Kuliah Daring, Masihkah Menjadi Kendala?

 


Nggak enak banget deh kuliah daring begini, tiap hari cuma dikasih tugas. Banyak lagi.” Begitulah kira-kira jawaban beberapa mahasiswa yang sejak menyebarnya pandemi tidak pernah pembelajaran tatap muka. Setiap hari mereka memantau Whatsapp Group yang biasanya para dosen memberitahukan tugas melaluinya. Tak lupa e-mail pun setiap kali ditengok, barangkali ada beberapa dosen yang menggunakannya untuk memberi tugas.


Kalau begini sih bukan kuliah daring, dosen jarang sekali memberikan materi perkuliahan. Yang ada hanyalah tugas-tugas yang selalu diberikan.”  Keluh mahasiswa lainnya yang menambahi deretan permasalahan pendidikan tinggi saat ini. Namun, memang begitulah yang hanya dapat dilakukan di tengah meluasnya wabah.


baca  juga: https://pendidikanmainmain.blogspot.com/2020/10/mengerjakan-skripsi-saat-pandemi-aku.html


Namun tetap saja, setelah tugas datang menghampiri para mahasiswa, keluhanlah yang keluar dari bibirnya. Walaupun tugas itu tetap dikerjakan, sebab jika tidak mungkin saja nilai akhir mata kuliah bakal buruk bahkan kosong. Dengan terpaksa tugas demi tugas mulai dikerjakan sekenanya dengan alasan “yang penting ngumpulin.”


Hal di atas belum ditambah dengan keluhan mahasiswa yang lain, “Kuliah daring membuat boros kuota internet.”  Wajar saja, untuk membuat tugas sampai mengumpulkannya memang membutuhkan akses internet. Walaupun terdapat batuan kuota gratis, tetap saja ada tugas-tugas yang membutuhkan kuota tambahan.


Apakah dalam kondisi demikian para dosen merasa nyaman? Kuliah online, memberikan tugas, menilainya, memberikan soal, mengoreksinya dan persoalan administrasi lainnya. Eitss tunggu dulu, tidak segampang itu menjadi dosen ditengan pandemi yang entah sampai kapan ujungnya ini.

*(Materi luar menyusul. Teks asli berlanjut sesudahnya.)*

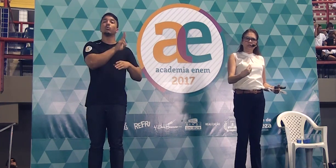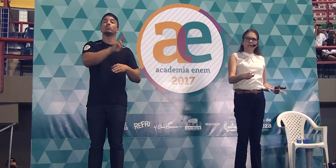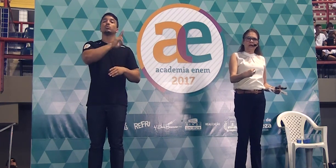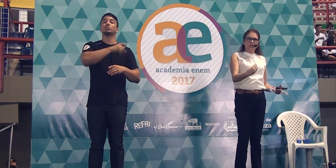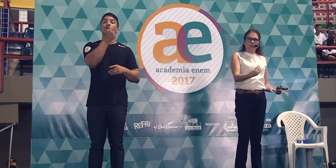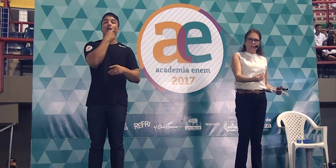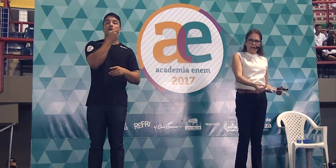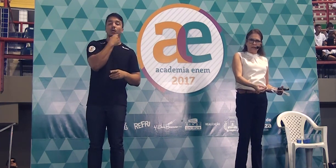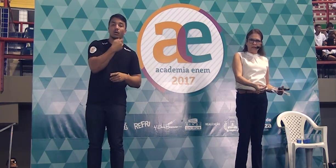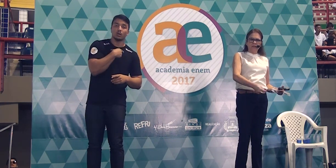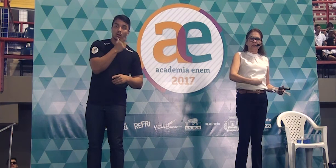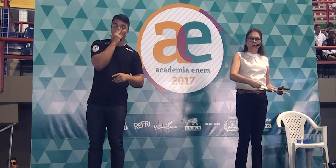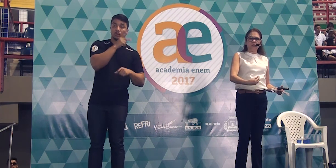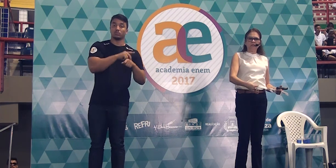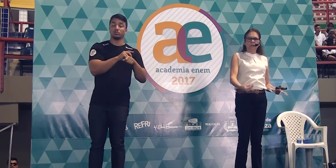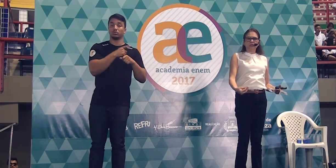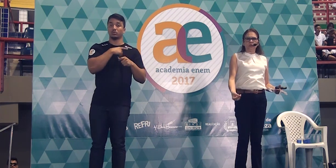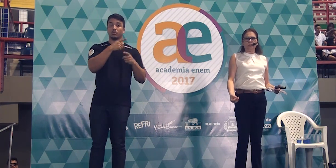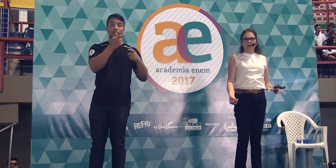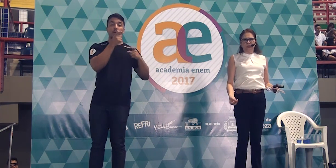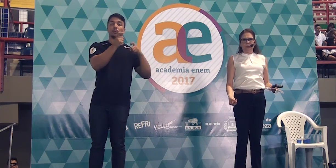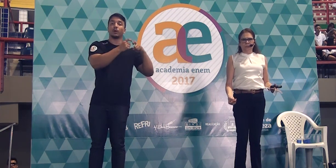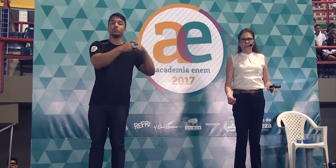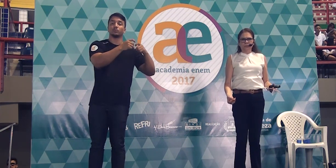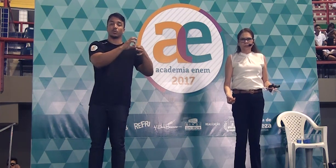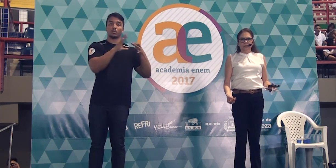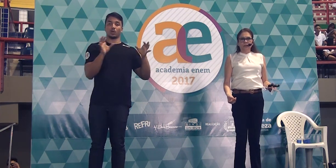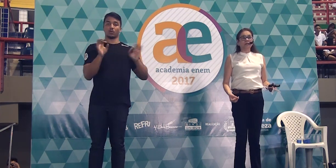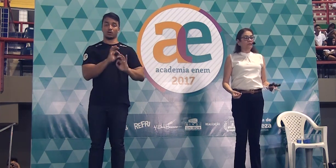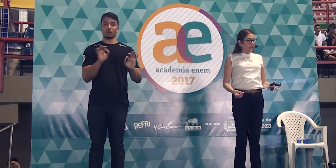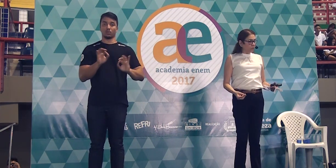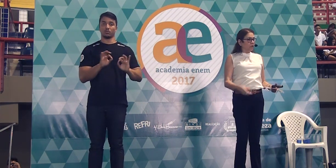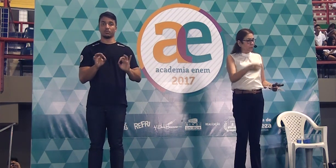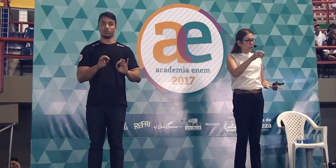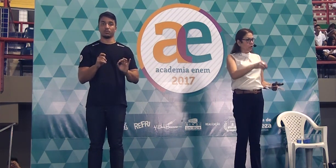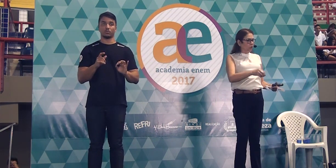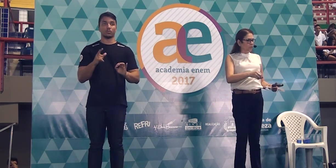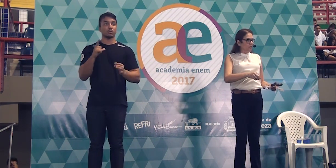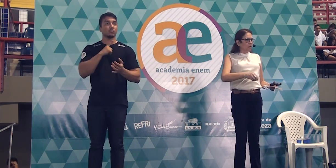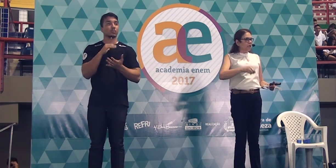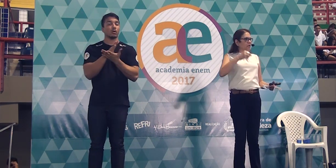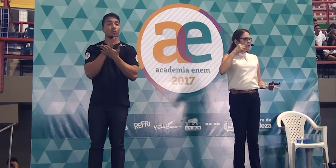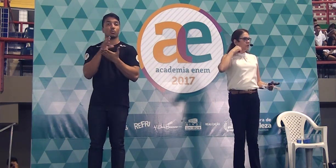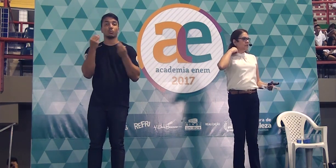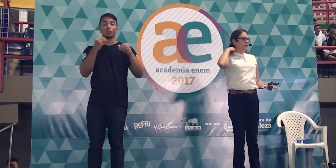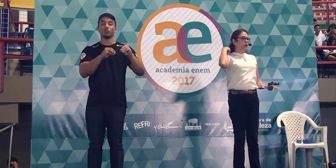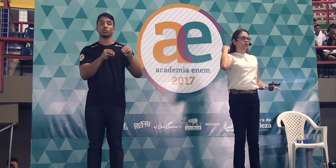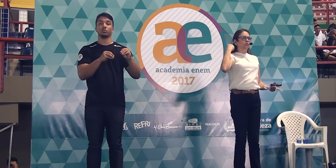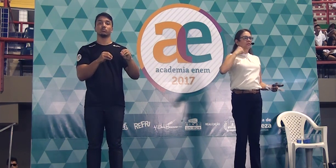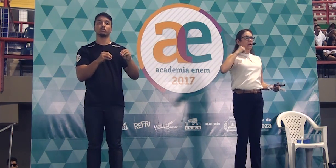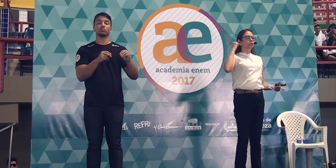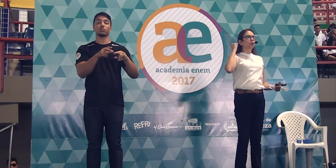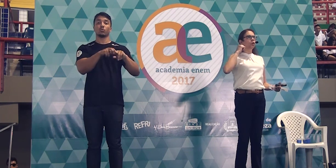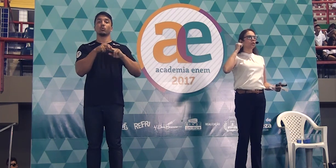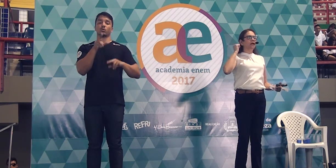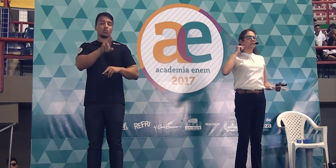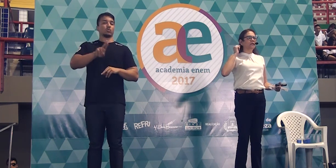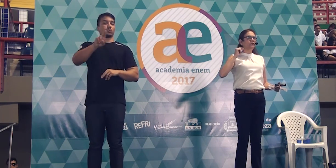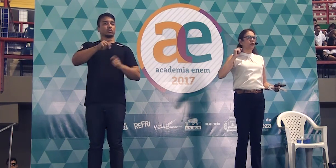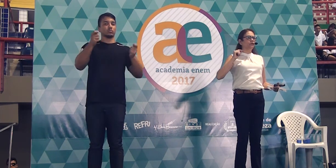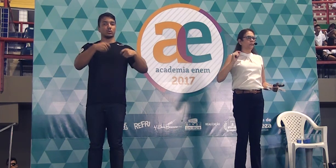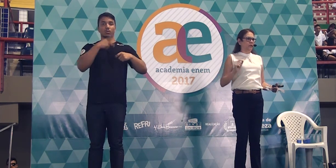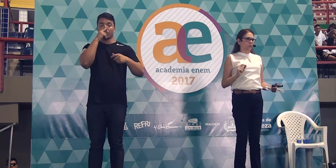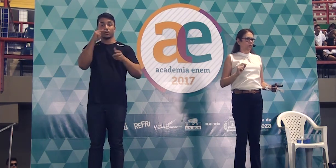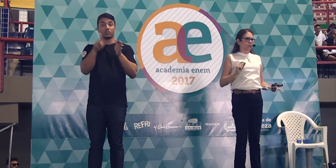remédio de tarja preta sem o conhecimento de um médico. E teve aluno que botou. Então, você pode usar no

Para dosen harus selalu memikirkan mulai dari persiapan perkuliahan hingga akhir perkuliahan. Hanya sekedar memberikan tugas saja, bagi sebagian dosen harus memeras otak karena mana mungkin hanya memberikan tugas sekali selama satu semester. Belum lagi bagi dosen yang masih kurang ‘melek teknologi’, bisa dipastikan mereka mengalami kesulitan untuk mengoperasikan aplikasi-aplikasi penunjangnya.


Lengkaplah sudah permasalahan pendidikan yang ada dewasa ini yang bisa dikatakan seperti tidak kuliah. Namun sebenarnya ada solusi lho untuk menghadapi kondisi demikian. Ingat! Dengan adanya pandemi ini bukan hanya dunia pendidikan yang terkena dampaknya, namun segala sektor pun tidak kurang permasalahannya.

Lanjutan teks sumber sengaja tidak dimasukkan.